Grafton Lakes State Park is a 2545 acre state park located in Rensselaer County, New York, United States. The park is in the central part of the Town of Grafton and north of the hamlet of Grafton on NY Route 2, northeast of Albany. The park contains the Shaver Pond Nature Center.

==Park description==
Grafton Lakes State Park was opened in 1971. It contains several lakes, including Long Pond, Mill Pond, and Second Pond.

The park offers a beach, a boat launch and boat rentals, a bridle path, hunting (deer and small game in season), fishing and ice fishing (trout, pickerel, perch, and bass), ice skating, hiking and biking, picnic tables and pavilions, a nature trail, a playground, recreation programs, snowmobiling, snowshoeing, cross-country skiing, and a food concession. Swimming is open daily from Memorial Day Weekend through Labor Day from 10am-6pm, and gate fees are $8/car.

The park has long been used for orienteering. It was first mapped in 1980 by Mark Domonie, and drafted by Bill Jameson. The park was the site of the 1981 US Intercollegiate Championships. A permanent course (called Trim-O) was expected to be placed in the park in 2008.

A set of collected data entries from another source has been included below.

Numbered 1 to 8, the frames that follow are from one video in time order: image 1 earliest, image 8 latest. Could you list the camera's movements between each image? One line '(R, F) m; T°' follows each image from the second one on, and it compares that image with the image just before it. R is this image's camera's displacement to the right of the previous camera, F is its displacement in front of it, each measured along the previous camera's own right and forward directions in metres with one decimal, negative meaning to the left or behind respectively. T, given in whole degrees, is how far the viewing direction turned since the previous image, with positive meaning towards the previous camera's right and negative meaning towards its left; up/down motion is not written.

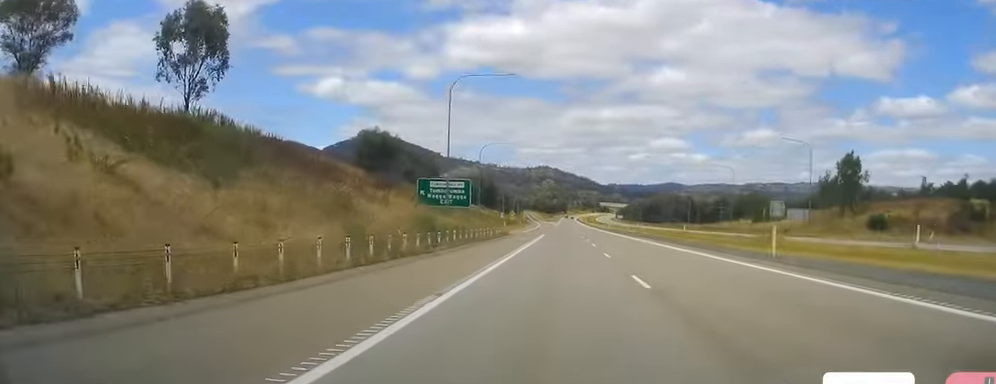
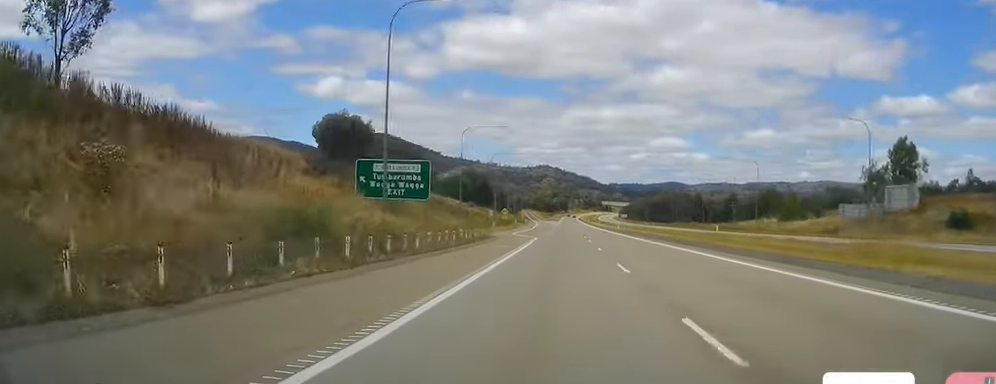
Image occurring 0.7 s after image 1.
(+0.1, +20.2) m; 0°
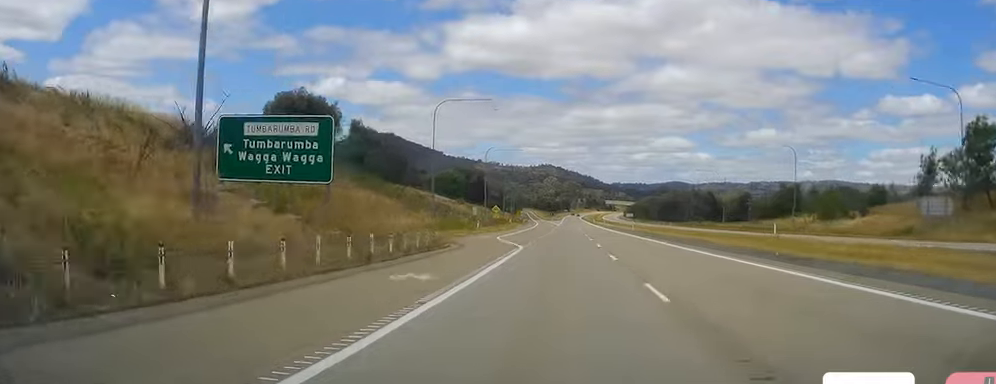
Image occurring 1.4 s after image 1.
(0.0, +20.2) m; 0°
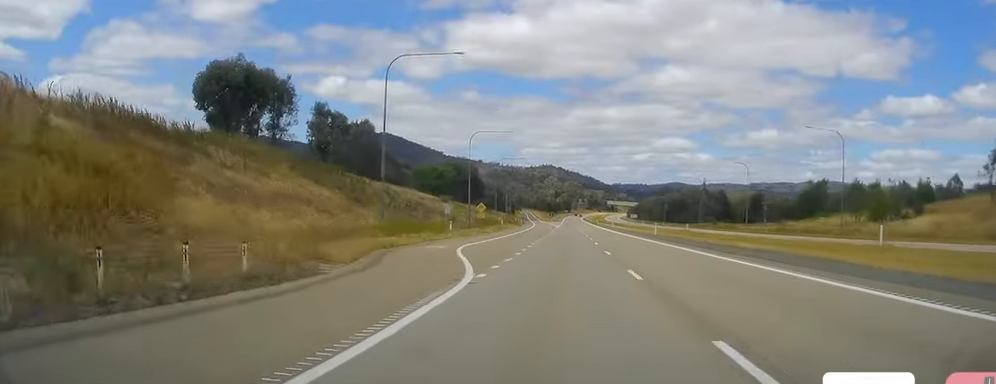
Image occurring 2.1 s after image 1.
(0.0, +19.2) m; 0°
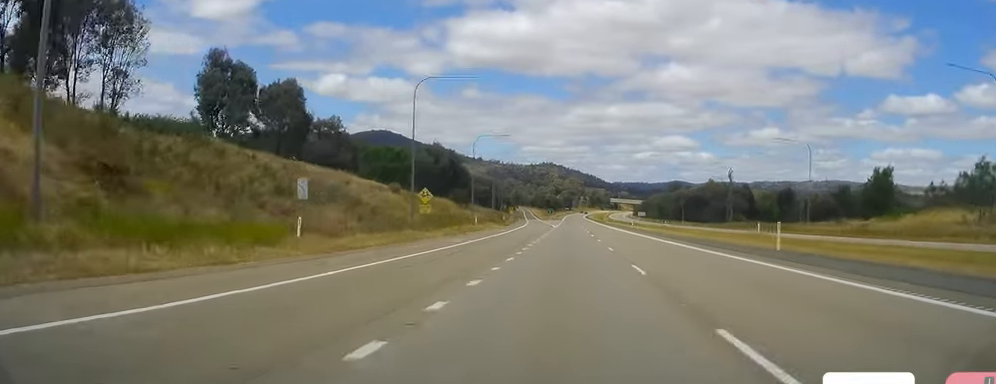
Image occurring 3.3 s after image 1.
(-0.1, +35.5) m; -1°
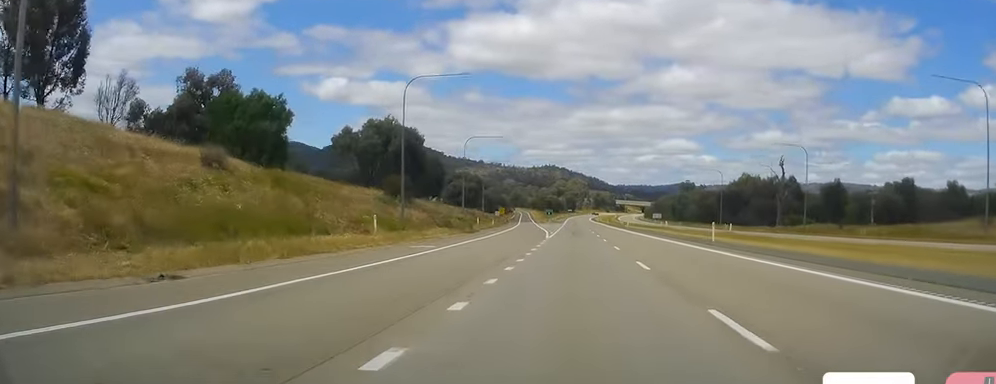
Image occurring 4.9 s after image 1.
(-0.2, +45.8) m; +1°
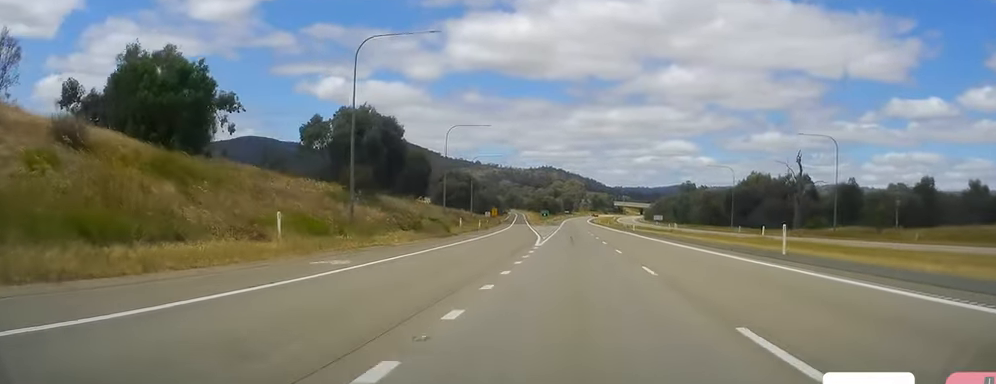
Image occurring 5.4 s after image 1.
(+0.1, +13.4) m; +1°
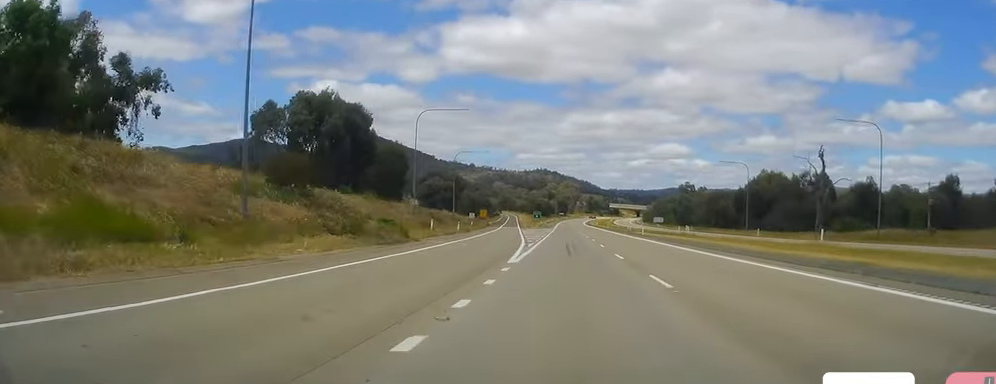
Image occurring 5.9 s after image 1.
(+0.1, +15.3) m; 0°

===Shaver Pond Nature Center===
Located within the park is the Shaver Pond Nature Center, which provides outdoor recreation and environmental educational programs and is handicap accessible. The center stands at the beginning of 20 mi of trails. Besides scheduled programs, the facility may be rented for club meetings.

Shaver Pond Nature Center also houses the New York State Department of Environmental Conservation's Air and Acid Rain Deposition Monitoring Site.